As of the census of 2000, there were 3,863 people, 1,543 households, and 1,064 families residing in the town. The population density was 91.4 PD/sqmi. There were 2,607 housing units at an average density of 61.7 /sqmi. The racial makeup of the town was 98.27% White, 0.10% Black or African American, 0.36% Native American, 0.10% Asian, 0.18% from other races, and 0.98% from two or more races. Hispanic or Latino of any race were 0.47% of the population.

There were 1,543 households, out of which 31.0% had children under the age of 18 living with them, 54.1% were married couples living together, 9.4% had a female householder with no husband present, and 31.0% were non-families. 25.0% of all households were made up of individuals, and 10.2% had someone living alone who was 65 years of age or older. The average household size was 2.50 and the average family size was 2.97.

In the town, the population was spread out, with 26.0% under the age of 18, 6.8% from 18 to 24, 28.7% from 25 to 44, 26.0% from 45 to 64, and 12.5% who were 65 years of age or older. The median age was 38 years. For every 100 females, there were 100.4 males. For every 100 females age 18 and over, there were 98.7 males.
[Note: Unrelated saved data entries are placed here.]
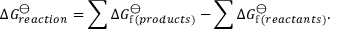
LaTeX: \Delta G _ { r e a c t i o n } ^ { \ominus } = \sum \Delta G _ { \mathrm { f } \, ( p r o d u c t s ) } ^ { \ominus } - \sum \Delta G _ { \mathrm { f } \, ( r e a c t a n t s ) } ^ { \ominus } .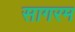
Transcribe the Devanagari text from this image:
सागरम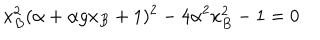
x _ { B } ^ { 2 } ( \alpha + \alpha g x _ { B } + 1 ) ^ { 2 } - 4 \alpha ^ { 2 } x _ { B } ^ { 2 } - 1 = 0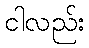
ငါလည်း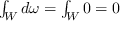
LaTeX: \textstyle \int _ { W } d \omega = \int _ { W } 0 = 0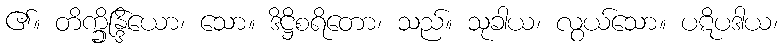
၏။ တိက္ခ္ခိန္ဒြိယော၊ သော။ ဒိဋ္ဌိစရိတော၊ သည်။ သုခါယ၊ လွယ်သော။ ပဋိပဒါယ၊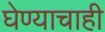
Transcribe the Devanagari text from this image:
घेण्याचाही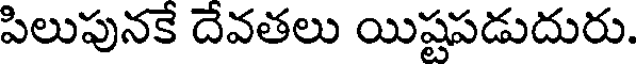
పిలుపునకే దేవతలు యిష్టపడుదురు.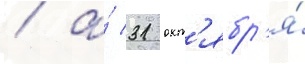
/ а́ 31 окт'ябр'я́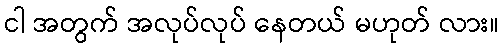
ငါ အတွက် အလုပ်လုပ် နေတယ် မဟုတ် လား။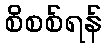
စိစစ်ရန်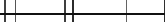
٢٣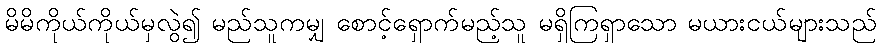
မိမိကိုယ်ကိုယ်မှလွဲ၍ မည်သူကမျှ စောင့်ရှောက်မည့်သူ မရှိကြရှာသော မယားငယ်များသည်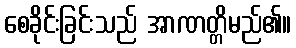
စေခိုင်းခြင်းသည် အာဏတ္တိမည်၏။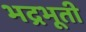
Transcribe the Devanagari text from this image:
भद्रभूती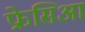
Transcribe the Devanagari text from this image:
फ्रेसिआ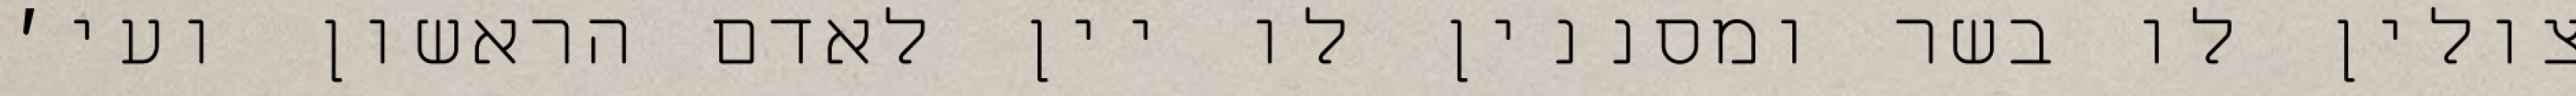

The median income for a household in the town was $33,438, and the median income for a family was $41,089. Males had a median income of $36,205 versus $22,031 for females. The per capita income for the town was $17,228. About 11.9% of families and 16.7% of the population were below the poverty line, including 23.9% of those under age 18 and 12.6% of those age 65 or over.

Historical population
| Census | Pop. | Note | %± |
| 1830 | 1,839 |  | — |
| 1840 | 2,420 |  | 31.6% |
| 1850 | 2,456 |  | 1.5% |
| 1860 | 2,431 |  | −1.0% |
| 1870 | 2,629 |  | 8.1% |
| 1880 | 2,878 |  | 9.5% |
| 1890 | 2,279 |  | −20.8% |
| 1900 | 2,232 |  | −2.1% |
| 1910 | 2,106 |  | −5.6% |
| 1920 | 2,018 |  | −4.2% |
| 1930 | 2,156 |  | 6.8% |
| 1940 | 1,821 |  | −15.5% |
| 1950 | 2,354 |  | 29.3% |
| 1960 | 2,506 |  | 6.5% |
| 1970 | 2,644 |  | 5.5% |
| 1980 | 3,256 |  | 23.1% |
| 1990 | 3,454 |  | 6.1% |
| 2000 | 3,863 |  | 11.8% |
| 2010 | 3,939 |  | 2.0% |
| 2020 | 646 |  | −83.6% |
| 2024 (est.) | 621 | Decrease | −3.9% |
U.S. Decennial Census

==Notable people==
- Clarence D. Clark (1851–1930), member of the United States Congress
- Allen and James Thompson, both brothers were awarded the Medal of Honor for their actions in the Civil War.